(WORK REQUEST): List each line of the data that holds the string "stroke", please.
┏━━
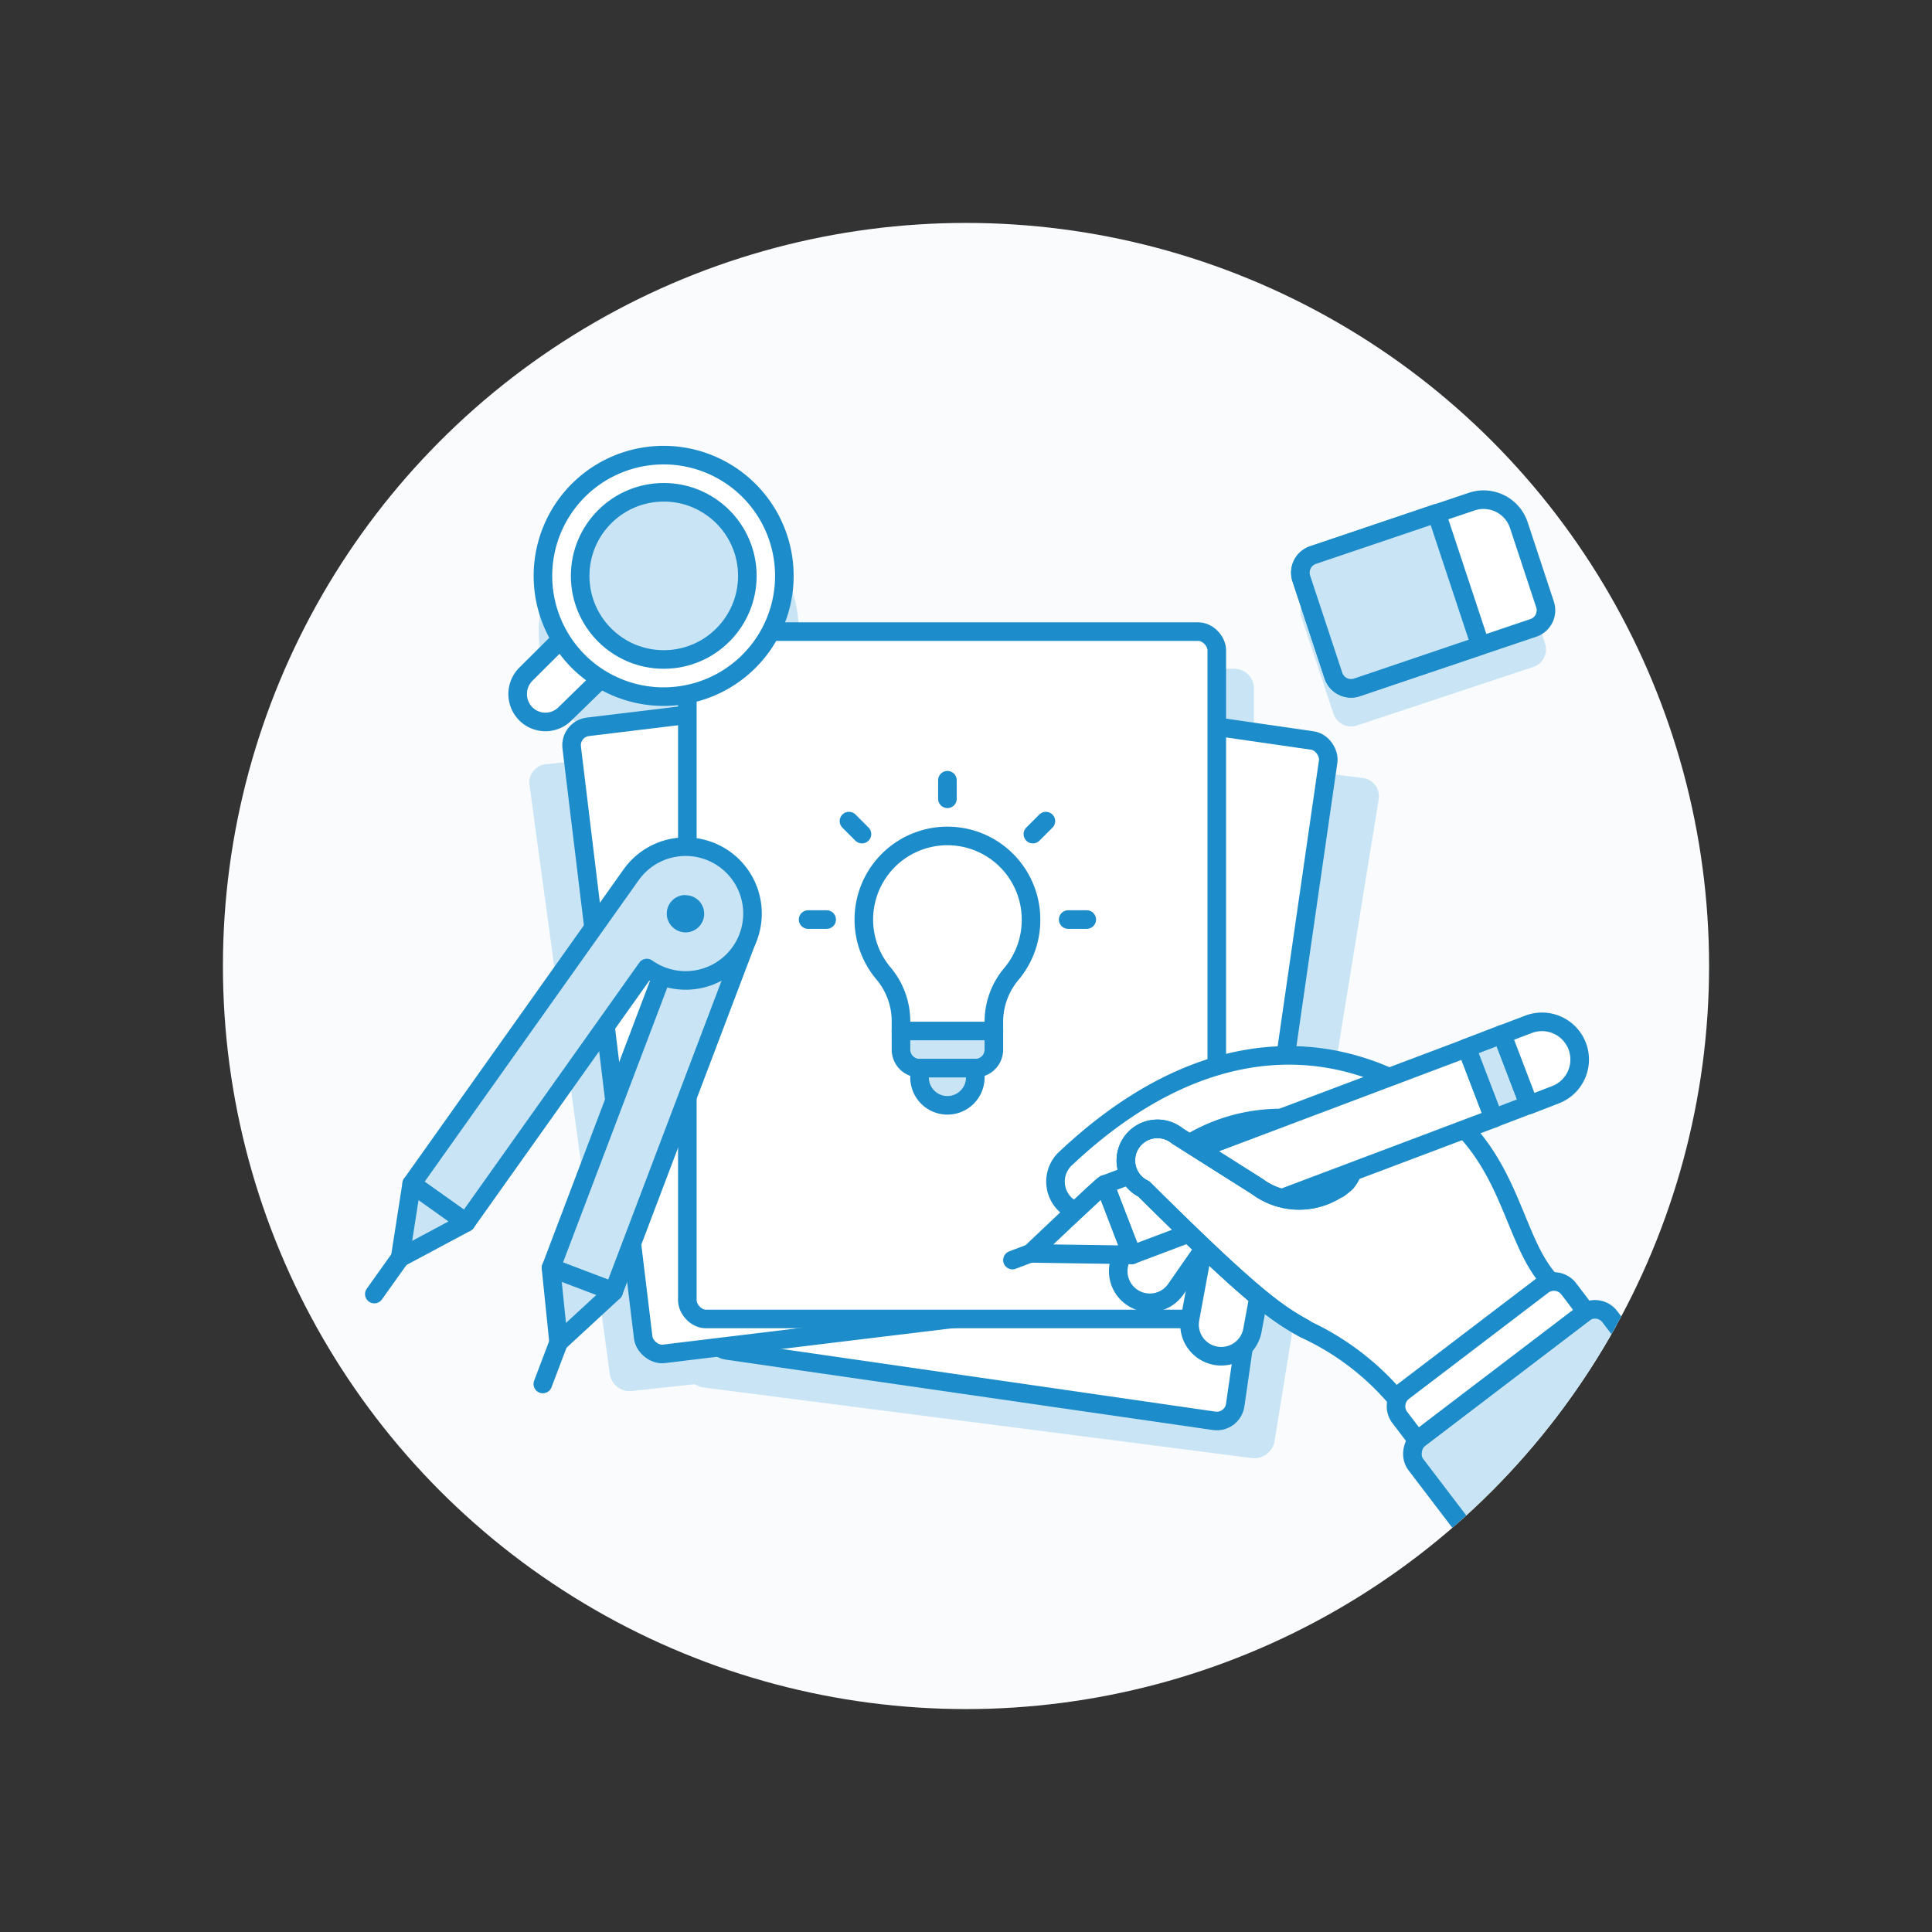 <svg xmlns="http://www.w3.org/2000/svg" xmlns:xlink="http://www.w3.org/1999/xlink" width="104" height="104" viewBox="0 0 104 104">
  <rect x="0" y="0" width="104" height="104" fill="#333333" stroke="none"/>
  <defs>
    <style>
      .a, .e, .g {
        fill: none;
      }

      .b {
        fill: #f9fbfc;
      }

      .c, .h, .i {
        fill: #c9e5f5;
      }

      .d, .f, .l {
        fill: #fff;
      }

      .d, .e, .g, .h, .i, .l {
        stroke: #1c8cca;
      }

      .d, .e, .i {
        stroke-linecap: round;
      }

      .d, .e, .g, .h, .i {
        stroke-linejoin: round;
      }

      .j {
        fill: #1c8cca;
      }

      .k {
        clip-path: url(#a);
      }

      .l {
        stroke-miterlimit: 10;
      }
    </style>
    <clipPath id="a">
      <circle class="a" cx="52" cy="52" r="40"/>
    </clipPath>
  </defs>
  <circle class="b" cx="52" cy="52" r="40"/>
  <g>
    <circle class="c" cx="36" cy="34" r="7"/>
    <path class="c" d="M81.76,30.37l1.41,4.27a1,1,0,0,1-.63,1.26l-9.49,3.15a1,1,0,0,1-1.27-.63L70.05,33.2a1,1,0,0,1,.63-1.26l8.55-2.84A2,2,0,0,1,81.76,30.37Z"/>
    <path class="c" d="M73.27,41.87l-5.77-.74V37a1.07,1.07,0,0,0-1.12-1H36.62a1.07,1.07,0,0,0-1.12,1v3.48l-6,.65a1,1,0,0,0-1,1.11L32.83,74a1.09,1.09,0,0,0,1.25.87l3.33-.36a1.07,1.07,0,0,0,.47.18l29.45,3.79a1.11,1.11,0,0,0,1.27-.85L74.22,43A1,1,0,0,0,73.27,41.87Z"/>
    <rect class="d" x="40.63" y="37.78" width="28.5" height="37" rx="1" ry="1" transform="translate(8.62 -7.27) rotate(8.22)"/>
    <rect class="d" x="32.6" y="37.5" width="27" height="34" rx="1" ry="1" transform="translate(-6.22 5.94) rotate(-6.91)"/>
    <rect class="d" x="37" y="34" width="28.5" height="37" rx="1" ry="1"/>
    <g>
      <path class="d" d="M30.42,38.42a1.49,1.49,0,0,1-2.12,0,1.51,1.51,0,0,1,0-2.12l2.48-2.47L32.9,36Z"/>
      <path class="d" d="M31.13,35.6a6.5,6.5,0,1,0,0-9.2A6.51,6.51,0,0,0,31.13,35.6Z"/>
      <circle class="c" cx="35.73" cy="31" r="4.5"/>
      <circle class="e" cx="35.73" cy="31" r="4.5"/>
    </g>
    <g>
      <path class="f" d="M55.5,49.5a4.5,4.5,0,1,0-7.94,2.9A4,4,0,0,1,48.5,55v.53h5V55a4,4,0,0,1,.94-2.57A4.51,4.51,0,0,0,55.5,49.5Z"/>
      <path class="g" d="M55.5,49.5a4.5,4.5,0,1,0-7.94,2.9A4,4,0,0,1,48.5,55v.53h5V55a4,4,0,0,1,.94-2.57A4.51,4.51,0,0,0,55.5,49.5Z"/>
      <path class="h" d="M52.5,57.5h-3a1,1,0,0,1-1-1v-1h5v1A1,1,0,0,1,52.5,57.5Z"/>
      <path class="h" d="M52.5,58a1.5,1.5,0,0,1-3,0v-.5h3Z"/>
      <line class="e" x1="51" y1="43" x2="51" y2="42"/>
      <line class="e" x1="55.6" y1="44.9" x2="56.3" y2="44.2"/>
      <line class="e" x1="57.5" y1="49.5" x2="58.5" y2="49.5"/>
      <line class="e" x1="46.4" y1="44.9" x2="45.7" y2="44.2"/>
      <line class="e" x1="44.5" y1="49.5" x2="43.5" y2="49.5"/>
    </g>
    <g>
      <g>
        <rect class="c" x="24.77" y="57.55" width="20.4" height="3.6" transform="translate(-32.93 71) rotate(-69.23)"/>
        <line class="e" x1="30.07" y1="72.26" x2="29.22" y2="74.5"/>
        <rect class="e" x="24.77" y="57.55" width="20.4" height="3.6" transform="translate(-32.93 71) rotate(-69.23)"/>
        <polygon class="i" points="30.07 72.26 33.03 69.53 29.66 68.25 30.07 72.26"/>
      </g>
      <g>
        <path class="c" d="M25.09,65.81l9.73-13.7a3.6,3.6,0,1,0-.86-5L22.16,63.73Z"/>
        <line class="e" x1="21.54" y1="67.71" x2="20.15" y2="69.66"/>
        <path class="e" d="M25.09,65.81l9.73-13.7a3.6,3.6,0,1,0-.86-5L22.16,63.73Z"/>
        <polygon class="i" points="21.54 67.71 25.09 65.81 22.16 63.73 21.54 67.71"/>
        <path class="j" d="M36.9,49.18h0m0-1A1,1,0,0,0,36.32,50a1,1,0,0,0,.58.19,1,1,0,0,0,.82-.42,1,1,0,0,0-.24-1.4,1,1,0,0,0-.58-.18Z"/>
      </g>
    </g>
    <g class="k">
      <g>
        <g>
          <path class="l" d="M67.08,64.19a1.69,1.69,0,0,1,1.34,2l-1,5.41A1.69,1.69,0,1,1,64.06,71l1-5.41A1.69,1.69,0,0,1,67.08,64.19Z"/>
          <path class="l" d="M65.41,63.43a1.71,1.71,0,0,1,.39,2.37l-2.53,3.63a1.69,1.69,0,0,1-2.75-2l2.53-3.63A1.69,1.69,0,0,1,65.41,63.43Z"/>
          <path class="f" d="M70.23,71.54a14.25,14.25,0,0,1,5.06,3.89l1.49,1.72,8.37-6.38-1.5-1.6c-2.29-2.21-2.11-6.73-6.36-9.74-5.38-3.8-12.62-4-20,3a1.7,1.7,0,0,0,2.33,2.47c.48-.46,1-.89,1.45-1.28a23.25,23.25,0,0,1,2.93-2,9.47,9.47,0,0,1,7.12-1.13c1.9.51,2.12,2.29,1.33,3.18a3.76,3.76,0,0,1-4.8.25L64,61.57h0a23.25,23.25,0,0,0-2.93,2h0a1.72,1.72,0,0,0,.48.45C67.47,69.88,68.71,70.69,70.23,71.54Z"/>
          <path class="g" d="M72.48,63.62a3.76,3.76,0,0,1-4.8.25L64,61.57a9.47,9.47,0,0,1,7.12-1.13C73.05,61,73.27,62.73,72.48,63.62Z"/>
          <path class="e" d="M70.23,71.54a14.25,14.25,0,0,1,5.06,3.89l1.49,1.72,8.37-6.38-1.5-1.6c-2.29-2.21-2.11-6.73-6.36-9.74-5.38-3.8-12.62-4-20,3a1.7,1.7,0,0,0,2.33,2.47c.48-.46,1-.89,1.45-1.28a23.25,23.25,0,0,1,2.93-2,9.47,9.47,0,0,1,7.12-1.13c1.9.51,2.12,2.29,1.33,3.18a3.76,3.76,0,0,1-4.8.25L64,61.57h0a23.25,23.25,0,0,0-2.93,2h0a1.72,1.72,0,0,0,.48.45C67.47,69.88,68.71,70.69,70.23,71.54Z"/>
          <g>
            <polygon class="f" points="60.92 67.55 59.47 63.76 78.96 56.41 80.41 60.2 60.92 67.55"/>
            <path class="f" d="M59.47,63.75c-.1,0-4,3.72-4,3.72l5.47.08Z"/>
            <polygon class="e" points="60.92 67.55 59.47 63.76 78.96 56.41 80.41 60.2 60.92 67.55"/>
            <rect class="c" x="78.6" y="56.93" width="4.06" height="2.03" transform="translate(105.88 -38.09) rotate(69.03)"/>
            <rect class="e" x="78.6" y="56.93" width="4.06" height="2.03" transform="translate(105.88 -38.09) rotate(69.03)"/>
            <path class="f" d="M83.73,58.93a2,2,0,0,0-1.45-3.79l-1.42.54,1.45,3.8Z"/>
            <path class="e" d="M83.73,58.93a2,2,0,0,0-1.45-3.79l-1.42.54,1.45,3.8Z"/>
            <line class="e" x1="55.45" y1="67.47" x2="54.5" y2="67.83"/>
            <path class="e" d="M59.47,63.75c-.1,0-4,3.72-4,3.72l5.47.08Z"/>
          </g>
        </g>
        <g>
          <rect class="c" x="79.29" y="70.6" width="7.8" height="13.13" rx="1" ry="1" transform="translate(72.24 190.1) rotate(-127.31)"/>
          <rect class="g" x="79.29" y="70.6" width="7.8" height="13.13" rx="1" ry="1" transform="translate(72.24 190.1) rotate(-127.31)"/>
          <path class="d" d="M79.79,67.34h1.54a0,0,0,0,1,0,0V78.77a0,0,0,0,1,0,0H79.79a1,1,0,0,1-1-1V68.34A1,1,0,0,1,79.79,67.34Z" transform="translate(89.66 -34.9) rotate(52.7)"/>
        </g>
        <g>
          <path class="f" d="M72.48,63.62a3.76,3.76,0,0,1-4.8.25l-4.3-2.72A1.7,1.7,0,1,0,61.57,64c5.9,5.86,7.14,6.67,8.66,7.52"/>
          <path class="e" d="M72.48,63.62a3.76,3.76,0,0,1-4.8.25l-4.3-2.72A1.7,1.7,0,1,0,61.57,64c5.9,5.86,7.14,6.67,8.66,7.52"/>
          <path class="e" d="M72.48,63.62a3.76,3.76,0,0,1-4.8.25l-4.3-2.72A1.7,1.7,0,1,0,61.57,64c5.9,5.86,7.14,6.67,8.66,7.52"/>
        </g>
      </g>
    </g>
    <path class="d" d="M81.76,28.27l1.41,4.27a1,1,0,0,1-.63,1.26L73.05,37a1,1,0,0,1-1.27-.63l-1.73-5.23a1,1,0,0,1,.63-1.26L79.23,27A2,2,0,0,1,81.76,28.27Z"/>
    <path class="c" d="M77.33,27.63l2.36,7.12L73.05,37a1,1,0,0,1-1.27-.63l-1.73-5.23a1,1,0,0,1,.63-1.26Z"/>
    <path class="e" d="M77.33,27.63l2.36,7.12L73.05,37a1,1,0,0,1-1.27-.63l-1.73-5.23a1,1,0,0,1,.63-1.26Z"/>
  </g>
</svg>
┗━━
(ANSWER SECTION):
  <rect x="0" y="0" width="104" height="104" fill="#333333" stroke="none"/>
        stroke: #1c8cca;
        stroke-linecap: round;
        stroke-linejoin: round;
        stroke-miterlimit: 10;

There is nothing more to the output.